What the task requires:
When you copy the entries, omit the images and keep every word as it is.

=== Data for analysis ===

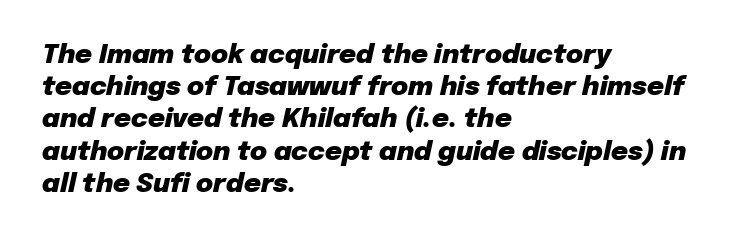
Q: Is the text bold? A: Yes.
Q: Is the text italic (slanted)? A: Yes, it leans right by about 12 degrees.
Q: Is the text underlined? A: No.
Q: How is the paragraph aligned? A: Left-aligned.
Q: Is the spacing between letters normal or unusually wide? A: Normal.
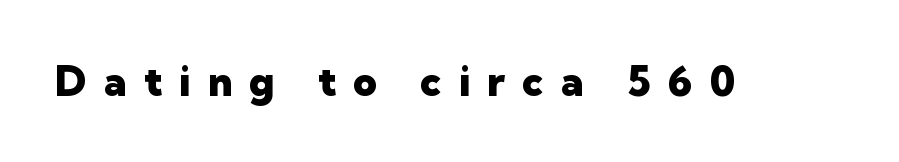
The image shows 41 px heavy sans-serif type, upright; set unusually wide letter spacing (+0.42 em), not underlined; low stroke contrast and a medium x-height.
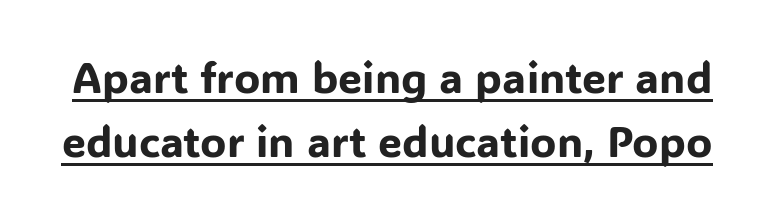
Q: Is the text italic (slanted)? A: No, it is upright.
Q: Is the typeface a serif or a sans-serif typeface? A: Sans-serif.
Q: Is the text underlined? A: Yes.
Q: Is the spacing between letters normal or unusually wide? A: Normal.
Q: Is the spacing between lines tight, normal or loose? A: Normal.
Q: Width (condensed, normal, or wide)? A: Normal.
Q: Stroke contrast? A: Low.
Q: x-height? A: Medium.
Q: Monospaced? A: No.
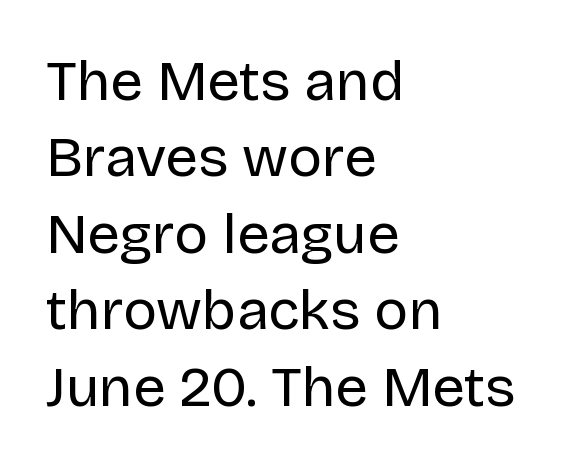
The image shows 57 px regular-weight sans-serif type, upright; set left-aligned, normal line spacing (1.34x), normal letter spacing, not underlined; low stroke contrast and a large x-height.
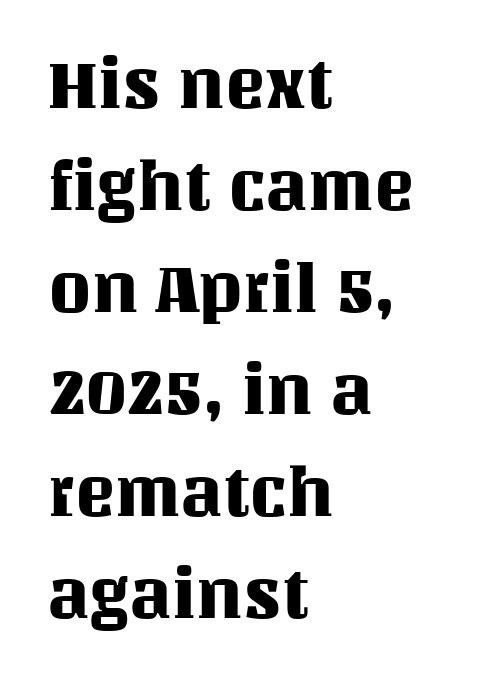
{"italic": "no", "width": "normal", "stroke_contrast": "medium", "x_height": "large", "monospaced": "no", "underline": "no", "align": "left", "line_spacing": "normal", "line_spacing_ratio": 1.5, "letter_spacing": "normal", "letter_spacing_em": 0.0, "glyph_px": 68}
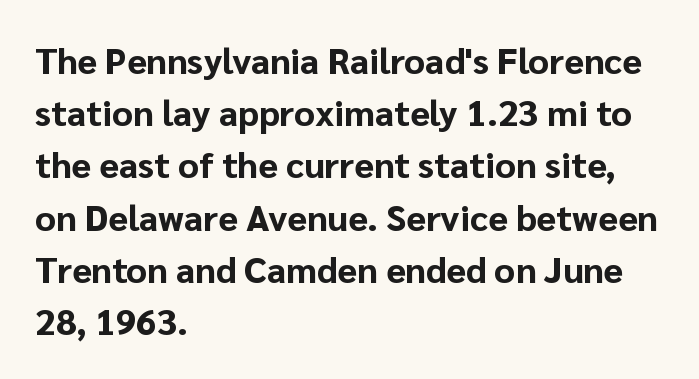
The image shows 36 px bold sans-serif type, upright; set left-aligned, normal line spacing (1.45x), normal letter spacing, not underlined; low stroke contrast and a medium x-height.
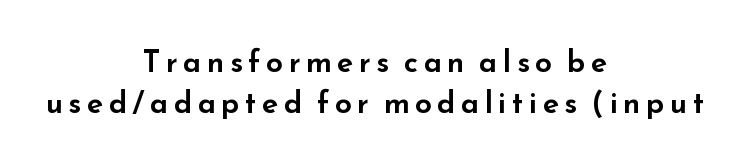
{"serif": "no", "italic": "no", "width": "wide", "stroke_contrast": "low", "x_height": "small", "monospaced": "no", "underline": "no", "align": "center", "line_spacing": "normal", "line_spacing_ratio": 1.37, "glyph_px": 30}
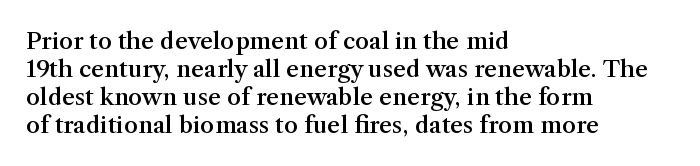
Alignment: flush left. Short note: letters normally spaced. The space directly below the letters is spotless. It's the straight-up-and-down kind of type. Stroke thickness is moderately raised; the sample reads as semibold.
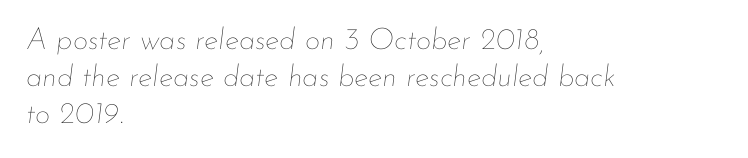
{"italic": "yes", "lean": "right", "slant_degrees": 7, "bold": "no", "weight": "thin", "width": "normal", "stroke_contrast": "low", "x_height": "small", "monospaced": "no", "underline": "no", "align": "left", "line_spacing_ratio": 1.24, "letter_spacing": "normal", "letter_spacing_em": 0.0, "glyph_px": 30}
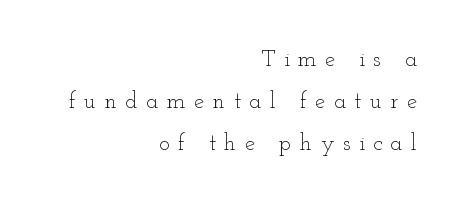
The image shows 23 px text type, upright; set right-aligned, line spacing 1.82x, unusually wide letter spacing (+0.37 em), not underlined.
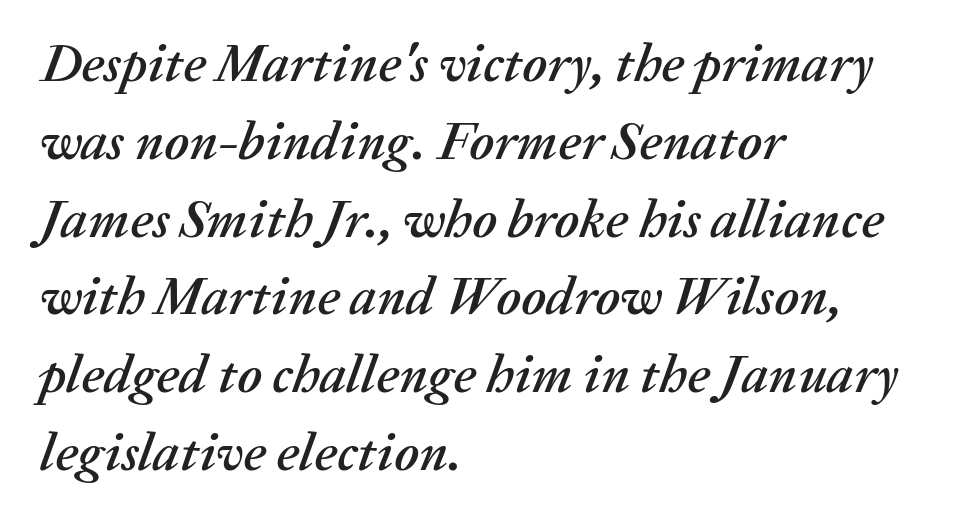
The image shows 54 px text type, italic (leaning right); set left-aligned, normal line spacing (1.44x), normal letter spacing, not underlined; medium stroke contrast and a medium x-height.
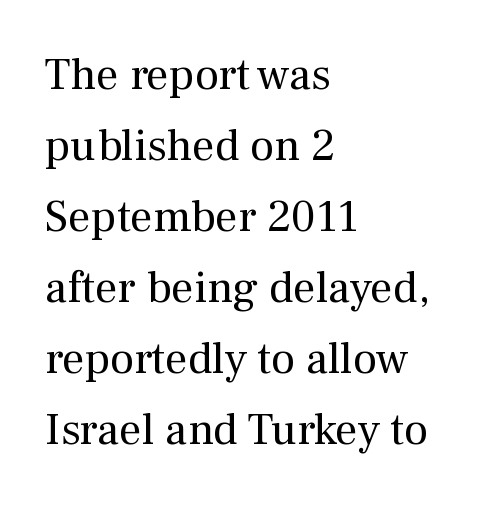
The image shows 45 px regular-weight serif type, upright; set left-aligned, normal line spacing (1.58x), normal letter spacing, not underlined; medium stroke contrast and a medium x-height.
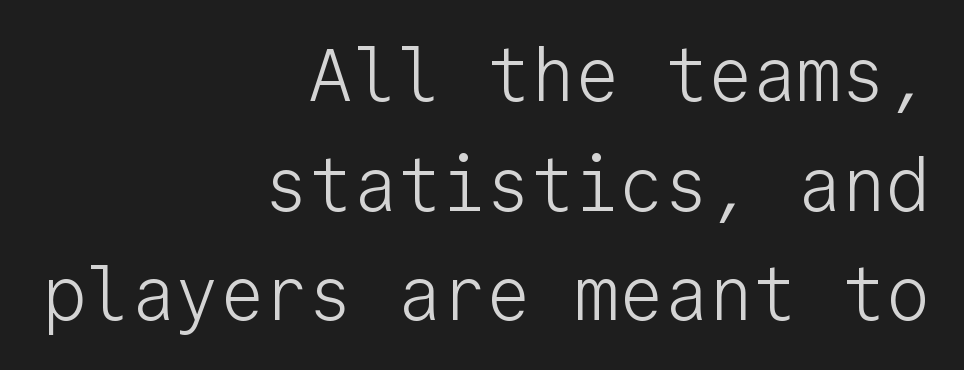
These lines sit exactly where default settings would place them. You could call the tracking neutral — neither tight nor loose. The rendering uses typewriter-style spacing with identical character cells. Clear beneath every line of the passage. A roman cut, with each character standing at attention.
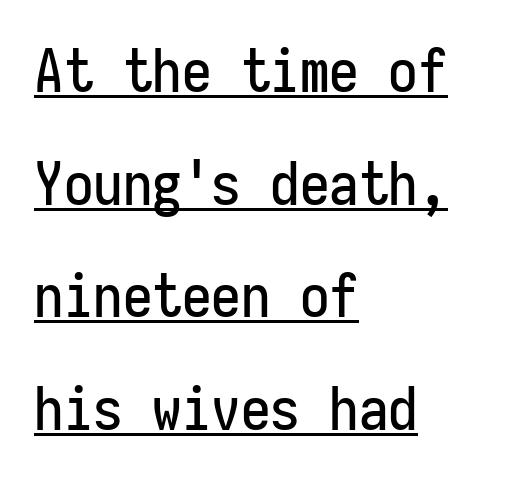
The image shows 59 px condensed sans-serif type, upright, monospaced; set left-aligned, loose line spacing (1.91x), normal letter spacing, underlined; low stroke contrast and a medium x-height.
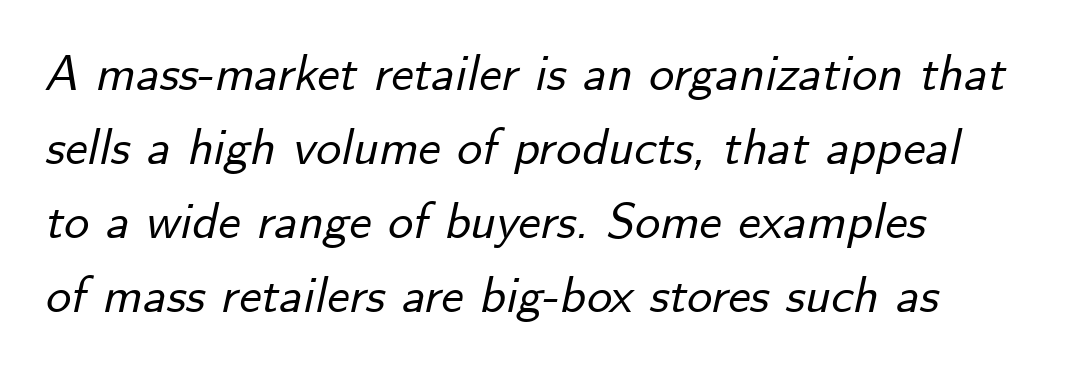
Q: Is the text italic (slanted)? A: Yes, it leans right by about 12 degrees.
Q: Is the text underlined? A: No.
Q: How is the paragraph aligned? A: Left-aligned.
Q: Is the spacing between letters normal or unusually wide? A: Normal.
Q: Is the spacing between lines tight, normal or loose? A: Normal.
Q: Width (condensed, normal, or wide)? A: Normal.
Q: Stroke contrast? A: Low.
Q: x-height? A: Small.
Q: Monospaced? A: No.

===

Exercise response:
Q: Is the text bold? A: Yes.
Q: Is the text italic (slanted)? A: Yes, it leans right by about 12 degrees.
Q: Is the text underlined? A: No.
Q: How is the paragraph aligned? A: Left-aligned.
Q: Is the spacing between letters normal or unusually wide? A: Normal.
The image shows 41 px heavy sans-serif type, upright; set unusually wide letter spacing (+0.42 em), not underlined; low stroke contrast and a medium x-height.
Q: Is the text italic (slanted)? A: No, it is upright.
Q: Is the typeface a serif or a sans-serif typeface? A: Sans-serif.
Q: Is the text underlined? A: Yes.
Q: Is the spacing between letters normal or unusually wide? A: Normal.
Q: Is the spacing between lines tight, normal or loose? A: Normal.
Q: Width (condensed, normal, or wide)? A: Normal.
Q: Stroke contrast? A: Low.
Q: x-height? A: Medium.
Q: Monospaced? A: No.
The image shows 57 px regular-weight sans-serif type, upright; set left-aligned, normal line spacing (1.34x), normal letter spacing, not underlined; low stroke contrast and a large x-height.
{"italic": "no", "width": "normal", "stroke_contrast": "medium", "x_height": "large", "monospaced": "no", "underline": "no", "align": "left", "line_spacing": "normal", "line_spacing_ratio": 1.5, "letter_spacing": "normal", "letter_spacing_em": 0.0, "glyph_px": 68}
The image shows 36 px bold sans-serif type, upright; set left-aligned, normal line spacing (1.45x), normal letter spacing, not underlined; low stroke contrast and a medium x-height.
{"serif": "no", "italic": "no", "width": "wide", "stroke_contrast": "low", "x_height": "small", "monospaced": "no", "underline": "no", "align": "center", "line_spacing": "normal", "line_spacing_ratio": 1.37, "glyph_px": 30}
Alignment: flush left. Short note: letters normally spaced. The space directly below the letters is spotless. It's the straight-up-and-down kind of type. Stroke thickness is moderately raised; the sample reads as semibold.
{"italic": "yes", "lean": "right", "slant_degrees": 7, "bold": "no", "weight": "thin", "width": "normal", "stroke_contrast": "low", "x_height": "small", "monospaced": "no", "underline": "no", "align": "left", "line_spacing_ratio": 1.24, "letter_spacing": "normal", "letter_spacing_em": 0.0, "glyph_px": 30}
The image shows 23 px text type, upright; set right-aligned, line spacing 1.82x, unusually wide letter spacing (+0.37 em), not underlined.
The image shows 54 px text type, italic (leaning right); set left-aligned, normal line spacing (1.44x), normal letter spacing, not underlined; medium stroke contrast and a medium x-height.
The image shows 45 px regular-weight serif type, upright; set left-aligned, normal line spacing (1.58x), normal letter spacing, not underlined; medium stroke contrast and a medium x-height.
These lines sit exactly where default settings would place them. You could call the tracking neutral — neither tight nor loose. The rendering uses typewriter-style spacing with identical character cells. Clear beneath every line of the passage. A roman cut, with each character standing at attention.
The image shows 59 px condensed sans-serif type, upright, monospaced; set left-aligned, loose line spacing (1.91x), normal letter spacing, underlined; low stroke contrast and a medium x-height.
Q: Is the text italic (slanted)? A: Yes, it leans right by about 12 degrees.
Q: Is the text underlined? A: No.
Q: How is the paragraph aligned? A: Left-aligned.
Q: Is the spacing between letters normal or unusually wide? A: Normal.
Q: Is the spacing between lines tight, normal or loose? A: Normal.
Q: Width (condensed, normal, or wide)? A: Normal.
Q: Stroke contrast? A: Low.
Q: x-height? A: Small.
Q: Monospaced? A: No.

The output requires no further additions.